Hockey players line the street for the procession for Noah Trulsen on Saturday. (Facebook photo)

Hockey game a Nite for Noah

Tribute planned for man who died playing hockey

A game of shinny is being organized in the memory of Noah Trulsen, who died from a fall while playing hockey.

A Nite for Noah will be held on Nov. 10, at 7:15 p.m. at Planet Ice. The event is to keep his spirit alive for those who loved Noah, and raise money for a scholarship in the trades that will be awarded in his name.

It will also be a fun night that Noah would have loved, said his brother Matthew.

“He would have been jumping for joy. He would want to be first-line D, he would have been gathering everyone – he would have been the promoter,” he said.

“I’m super excited for it.”

The event is being put on by their father Rick’s employer, Trinity Plumbing Heating and Gas.

Trulsen was just 22 and on the verge of earning his red seal in electrical when he died after falling at the bench during a recreational hockey game in Langley on Oct. 4.

The game will be played between Noah’s teammates on that rec hockey team, the Bolts, and the Trinity team, which will be made up of former teammates, friends and family.

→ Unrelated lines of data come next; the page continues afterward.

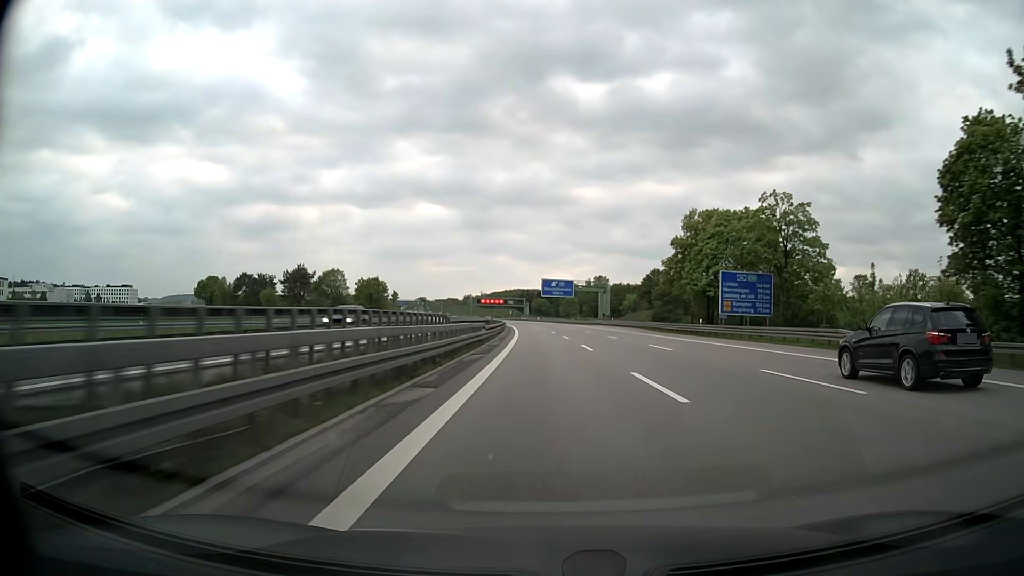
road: motorway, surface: asphalt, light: Day
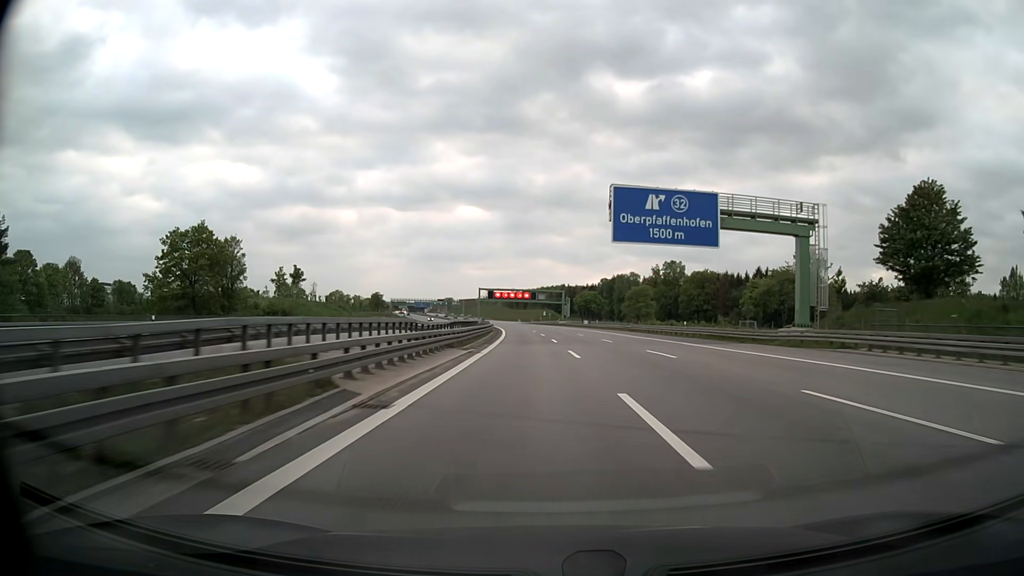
(-2.3, +95.9) m; -4°
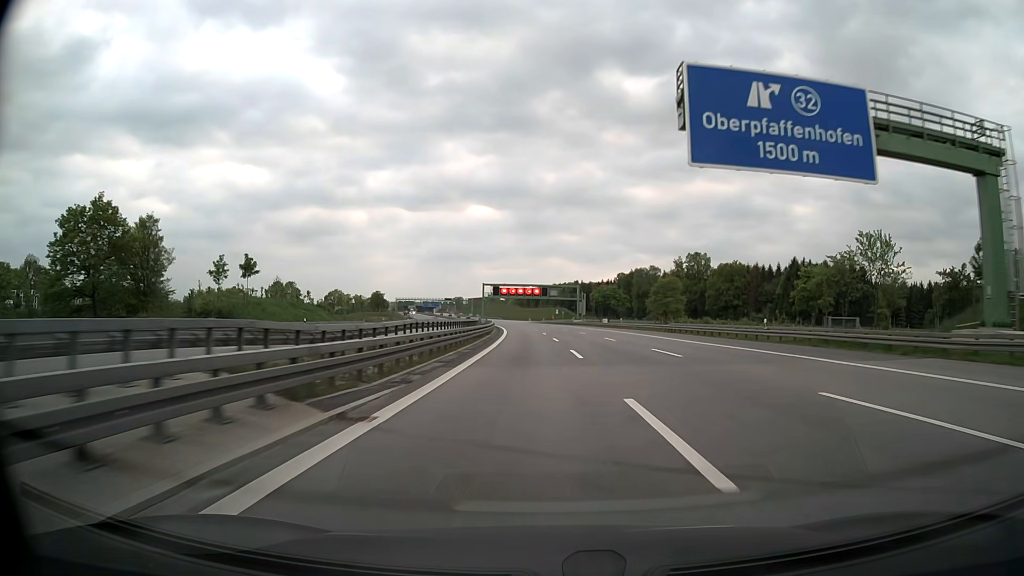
(-0.1, +19.1) m; -1°
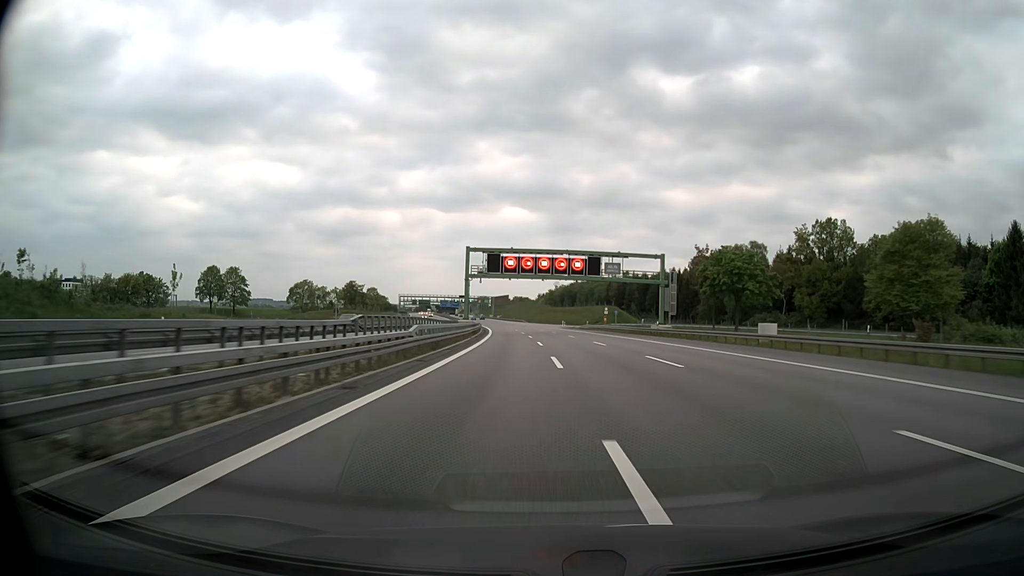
(-2.0, +76.7) m; -3°
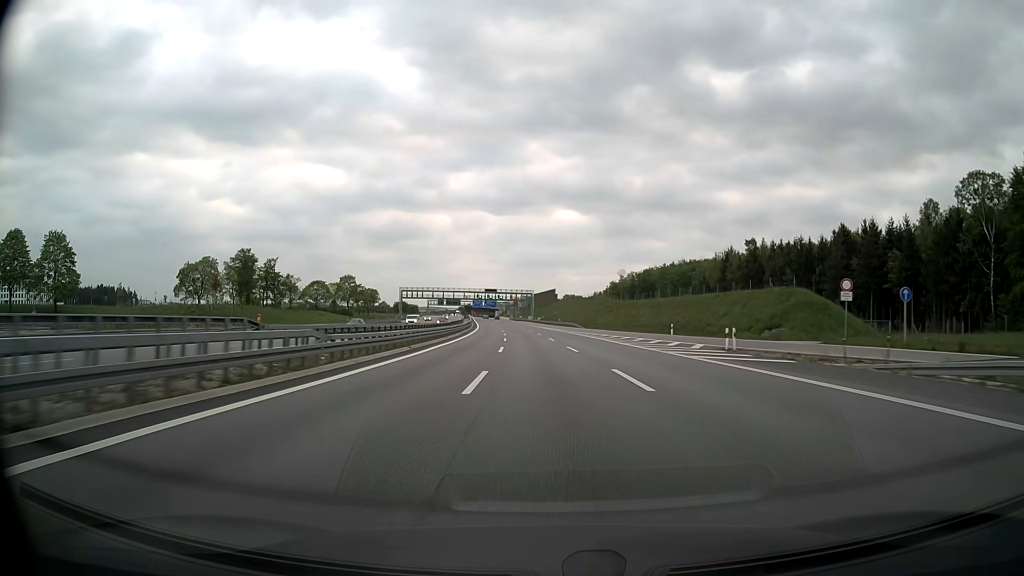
(-3.2, +97.3) m; -4°
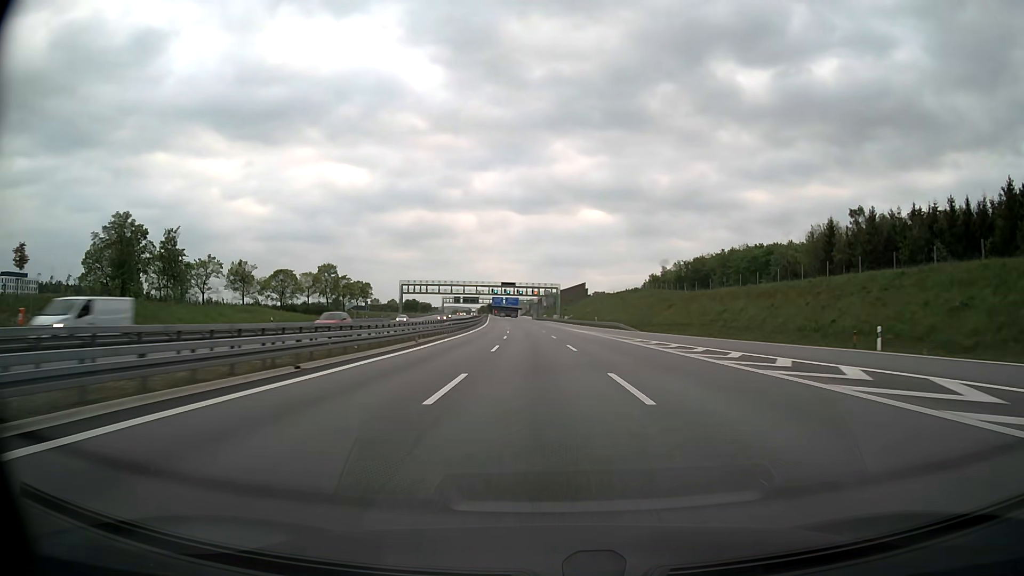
(-0.8, +38.9) m; -2°
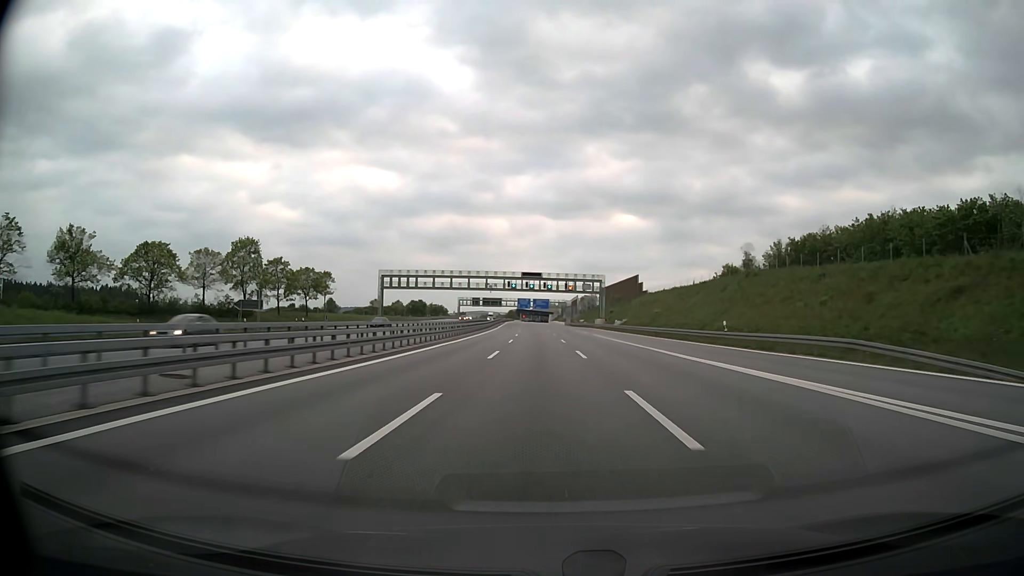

Matthew, who is a standout junior goaltender with the Mission City Outlaws, will share the crease with their cousin, Mark Trulsen.

“We’ve had a lot of his former teammates ask to play,” said Matthew.

He added hockey was a big part of their lives, and he and Noah would gather the kids in the neighbourhood for epic street hockey games.

The night will be a fundraiser. The Noah Trulsen Memorial Hockey Fund has already reached more than $17,000 of its $20,000 goal.

Matthew, 19, said the family was again thankful for the tremendous support of the hockey community, as a celebration of life was held for Noah on Saturday.

There were lots of hockey players in jerseys lining the streets for the procession, from the Bolts, from the Mission City Outlaws, and from Ridge Meadows Minor Hockey, where it all started for the Trulsens

“The amount of support we had… it has been very humbling for the family,” he said.

“It means so much – hockey is truly a brotherhood. Thank you to everyone.”

There was a message on the Ridge Meadows Minor Hockey Facebook page:

“Thank you to all the Rustlers who came out today to honour Noah and support his family. It was an amazing sight with Red Jerseys everywhere, on players of all ages. Every division was represented from our newest little Rustlers right up to our almuni from days gone by.

Parents and players alike welled up as Mr. Trulsen shook hundreds of hands, saying “thank you for coming”.

A very sad day but amazing to see our hockey community come together in a time of need.”